Is it called during the execution of an instruction itself (after it has been fetched & decoded)?
Or does it happen beforehand (however is it possible until we know that something is a (virtual) address?..)
Or does the CPU access the MMU at some other moment?..
My basic understanding is that the CPU decodes an instruction, gets a virtual address, calls the MMU to convert it to physical one, then the CPU operates (loads/stores etc.) on the physical address.
Is it correct?
Is it called during the execution of an instruction itself (after it has been fetched & decoded)?
For the original 80386; (if paging is enabled) whenever the CPU needs to access virtual memory it would use page directories then page tables to determine the correct physical address/es. E.g. for an instruction like "mov eax,[ebx]
" the CPU would convert the linear address of the instruction into a physical address, then fetch the instruction, then convert the address in ebx
into a physical address and fetch the data. Worse; if something is split across a page boundary (e.g. first half of the instruction at the end of one page, last half of the same instruction on the next page) the CPU might need to convert 2 linear addresses into physical addresses to get both pieces.

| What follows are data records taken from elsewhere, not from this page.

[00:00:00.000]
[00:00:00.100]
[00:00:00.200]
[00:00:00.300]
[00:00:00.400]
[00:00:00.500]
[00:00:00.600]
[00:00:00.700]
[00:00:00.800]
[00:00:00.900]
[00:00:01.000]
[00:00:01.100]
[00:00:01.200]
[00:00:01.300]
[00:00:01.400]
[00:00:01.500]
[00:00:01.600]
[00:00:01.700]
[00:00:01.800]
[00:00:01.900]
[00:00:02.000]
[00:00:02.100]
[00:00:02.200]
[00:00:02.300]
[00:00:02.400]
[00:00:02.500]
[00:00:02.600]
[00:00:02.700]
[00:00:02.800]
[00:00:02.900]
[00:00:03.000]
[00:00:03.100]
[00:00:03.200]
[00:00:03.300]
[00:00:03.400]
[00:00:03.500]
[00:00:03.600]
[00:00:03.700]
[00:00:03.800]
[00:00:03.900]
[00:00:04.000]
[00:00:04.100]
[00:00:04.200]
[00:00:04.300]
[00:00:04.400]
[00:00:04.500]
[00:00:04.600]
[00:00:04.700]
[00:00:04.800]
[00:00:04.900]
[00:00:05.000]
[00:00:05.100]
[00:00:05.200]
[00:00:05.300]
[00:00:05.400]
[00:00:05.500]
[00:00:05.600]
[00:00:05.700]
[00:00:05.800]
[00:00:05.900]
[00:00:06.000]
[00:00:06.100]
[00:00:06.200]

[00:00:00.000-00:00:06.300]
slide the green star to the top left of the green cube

This seems relatively slow now; but back then the speed of cache (and the speed of RAM) was closer to the speed of the CPU, so it wasn't as bad as it seems.

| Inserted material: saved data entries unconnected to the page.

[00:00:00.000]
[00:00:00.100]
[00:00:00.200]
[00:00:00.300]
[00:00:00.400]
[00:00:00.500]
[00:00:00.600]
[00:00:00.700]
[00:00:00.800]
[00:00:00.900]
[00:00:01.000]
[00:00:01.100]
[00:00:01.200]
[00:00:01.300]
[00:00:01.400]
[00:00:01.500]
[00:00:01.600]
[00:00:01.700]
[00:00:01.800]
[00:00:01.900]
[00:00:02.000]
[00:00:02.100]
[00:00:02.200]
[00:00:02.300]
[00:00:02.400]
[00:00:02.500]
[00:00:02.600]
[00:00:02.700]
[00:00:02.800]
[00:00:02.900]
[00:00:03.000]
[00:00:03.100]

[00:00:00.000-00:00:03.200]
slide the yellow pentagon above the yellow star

As CPUs got faster the cost of converting linear addresses into physical addresses became more of a problem. For 80486 there were 2 changes to help this - caches were added to the CPU itself (instead of being an external part on the motherboard) to speed cache up, and TLBs (Translation Look-aside Buffers) were added to cache previously done "linear address to physical address" translations. The TLBs helped a lot - if there's a "TLB hit" the CPU can skip accessing the page directory (from cache or RAM) then skip accessing the page table (from cache or RAM). Of course if there's a "TLB miss" it will still have to do all the work to convert a linear address into a physical address (and cache the translation in the TLB).
As time went by the fundamental concept remained the same but everything grew - more larger caches, more larger TLBs. Then (for 64-bit) the number of "levels of tables" grew to 4 (page map level 4, page directory pointer table, page directory, page table) and the cost of "TLB miss" increased. To help cope with that Intel added higher level translation caches (e.g. to cache page directory pointer table entries) so if there's a TLB miss but a "higher level translation cache hit" it could avoid some of the memory accesses (e.g. avoid fetching from PML4 and page directory).

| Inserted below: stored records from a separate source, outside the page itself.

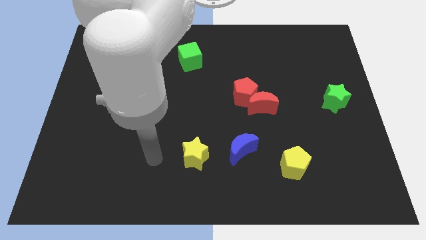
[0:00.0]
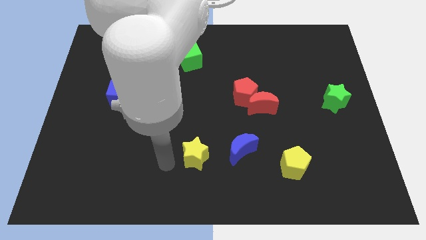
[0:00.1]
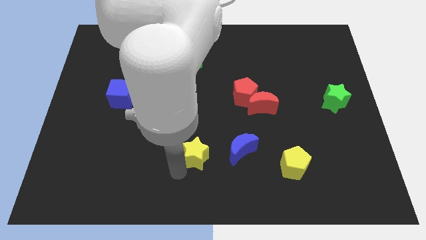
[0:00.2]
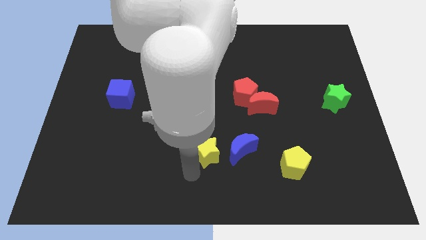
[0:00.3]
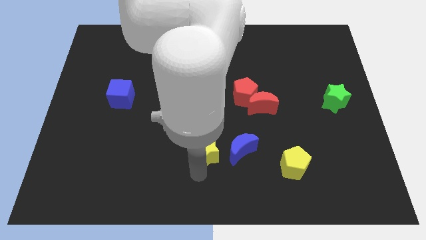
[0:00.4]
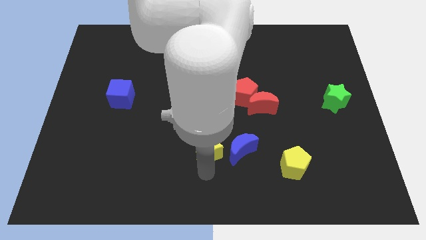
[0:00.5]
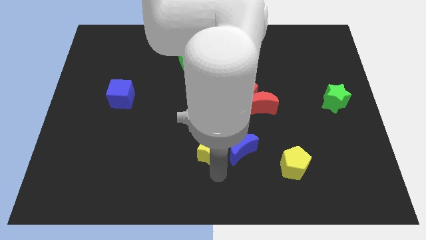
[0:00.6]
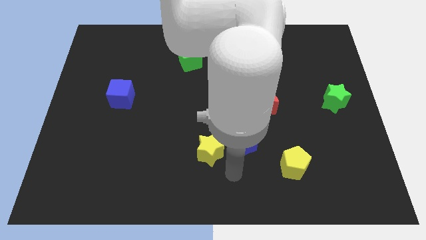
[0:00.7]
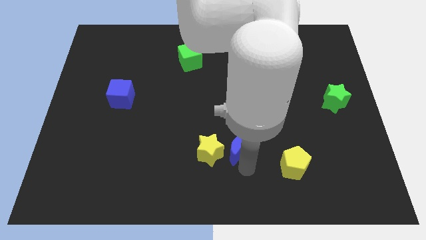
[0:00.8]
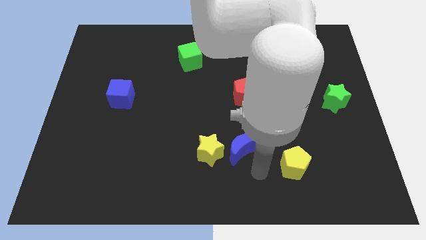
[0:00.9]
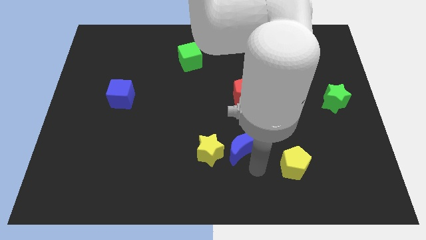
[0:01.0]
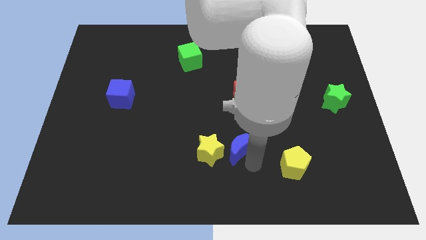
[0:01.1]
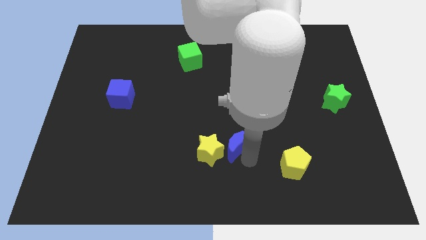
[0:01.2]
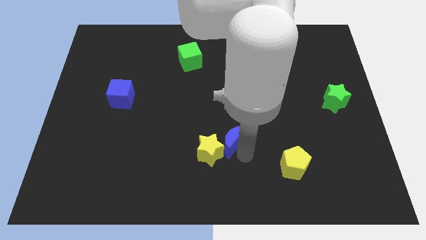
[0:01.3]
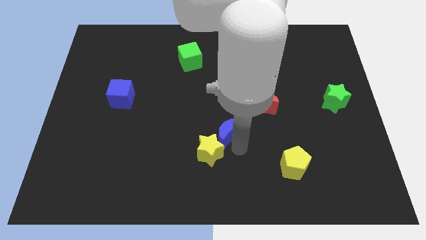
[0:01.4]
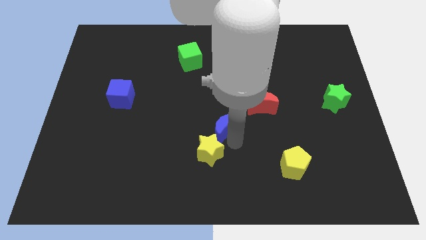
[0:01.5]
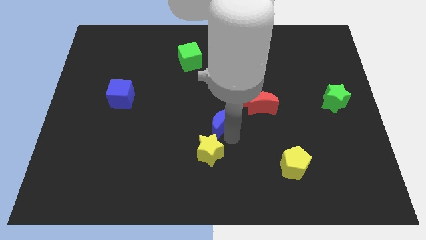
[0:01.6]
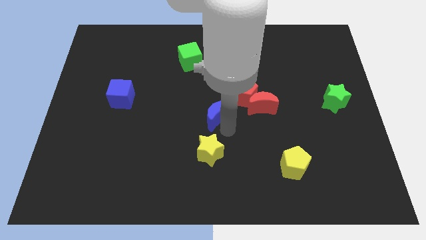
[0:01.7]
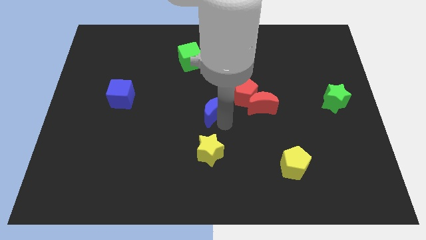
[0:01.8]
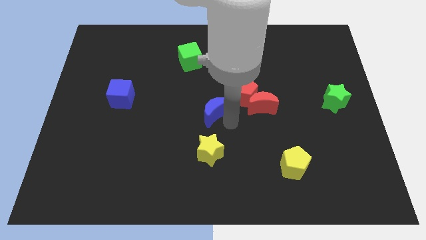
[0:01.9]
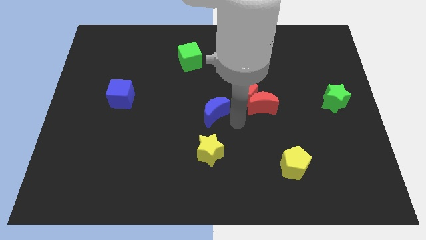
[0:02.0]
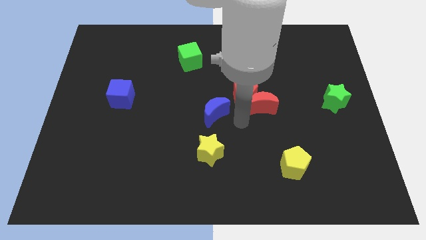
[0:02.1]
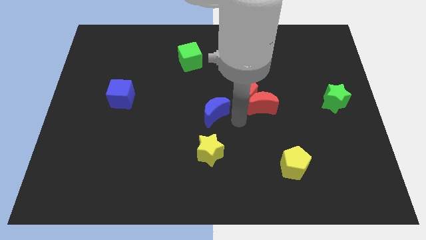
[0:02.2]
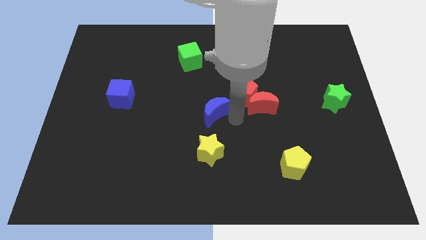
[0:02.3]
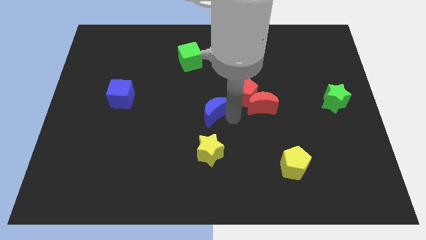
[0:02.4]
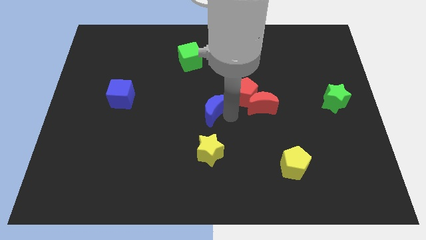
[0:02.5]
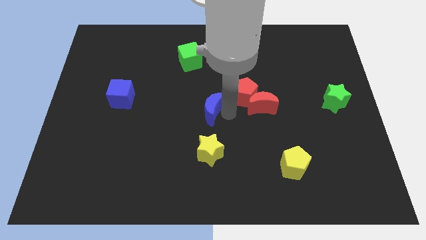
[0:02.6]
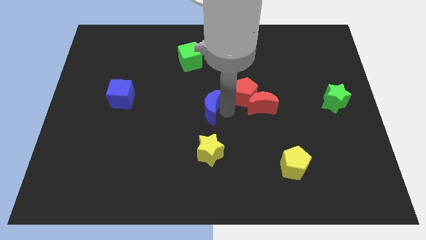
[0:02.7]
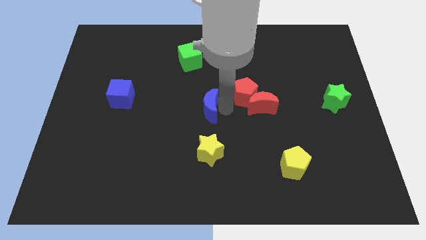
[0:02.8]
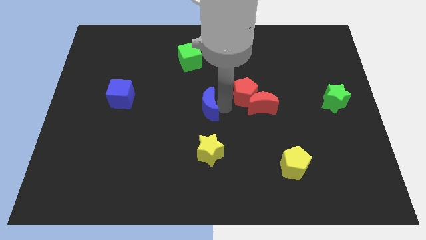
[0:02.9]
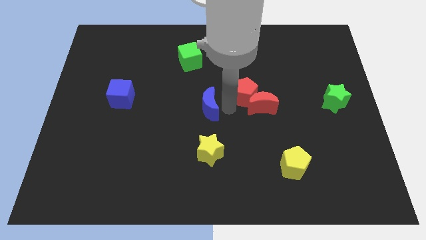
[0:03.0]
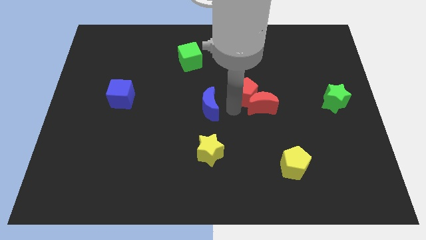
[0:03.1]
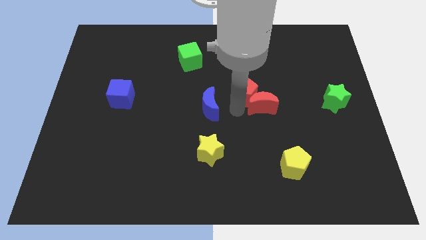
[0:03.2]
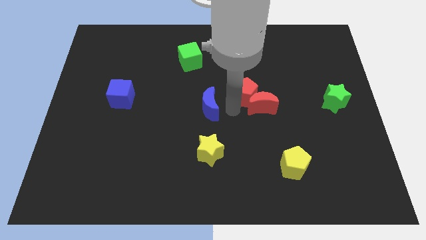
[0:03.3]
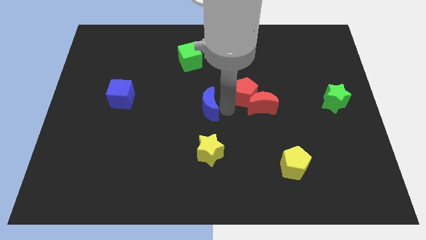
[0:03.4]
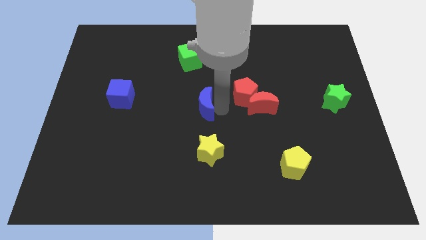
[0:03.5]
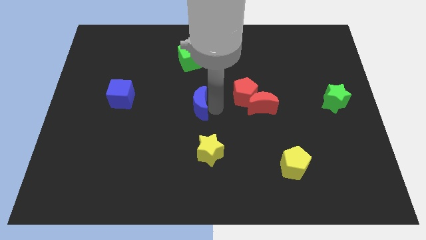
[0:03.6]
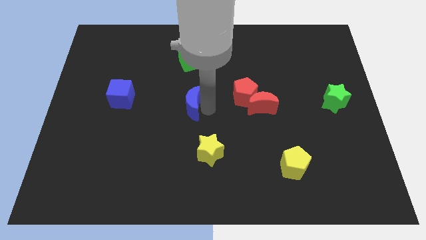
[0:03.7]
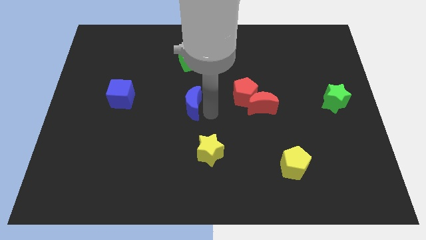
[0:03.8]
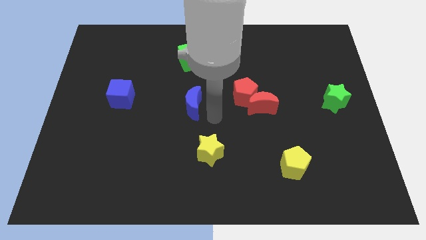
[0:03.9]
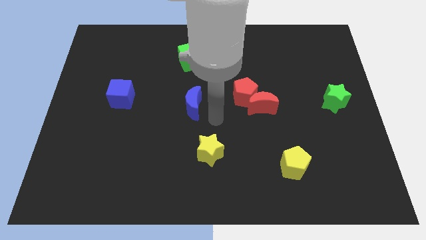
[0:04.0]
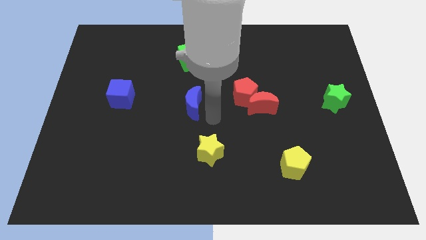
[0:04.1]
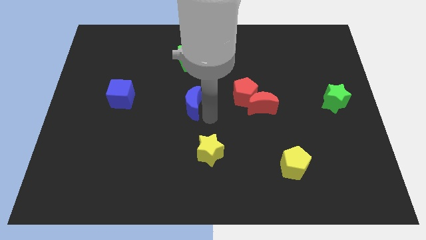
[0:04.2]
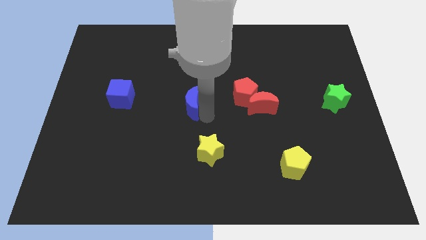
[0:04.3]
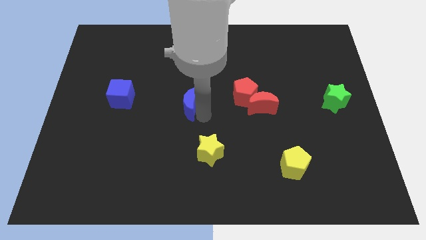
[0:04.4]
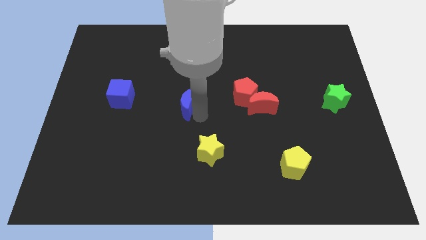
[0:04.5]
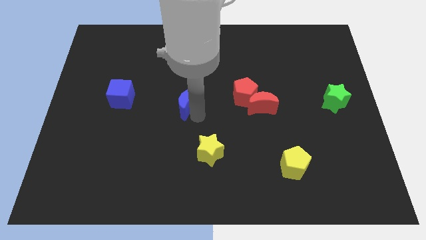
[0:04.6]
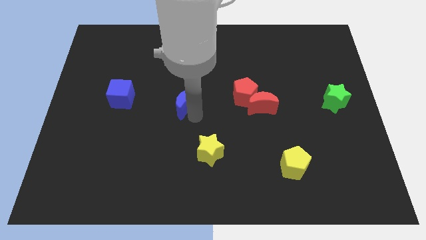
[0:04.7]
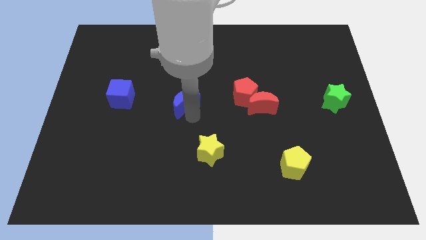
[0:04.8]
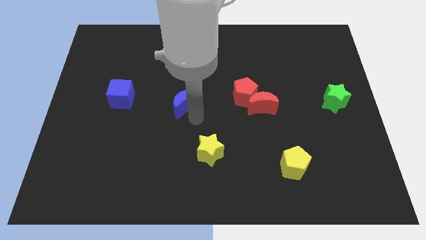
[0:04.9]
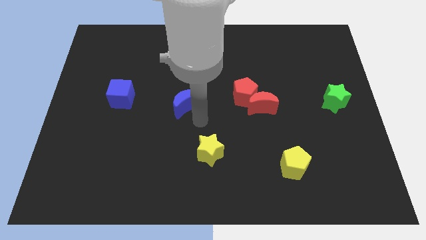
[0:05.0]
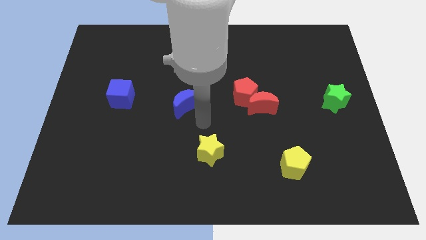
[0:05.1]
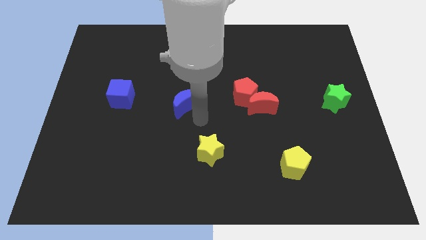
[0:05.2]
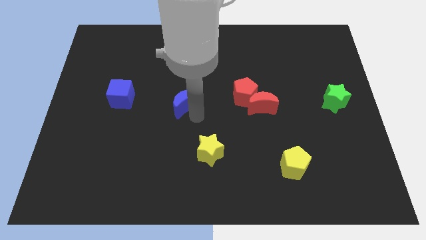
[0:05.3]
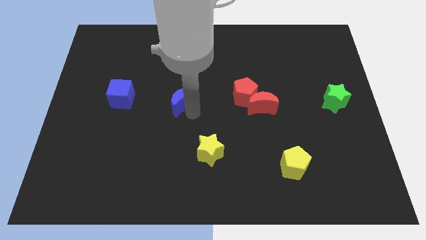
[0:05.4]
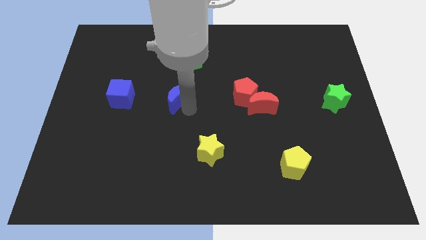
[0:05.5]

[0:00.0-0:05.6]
push the blue moon up and then left

Also Intel started getting more advanced with L1 instruction cache - adding extra tags to each cache line so they could skip conversion for instruction fetches.
I should also point out that a lot of this happen in parallel while a CPU is also doing other things (CPU could be fetching some instructions while decoding other instructions while doing linear to physical address translation for other instructions while ...); which also helps to hide the cost of linear to physical address translation.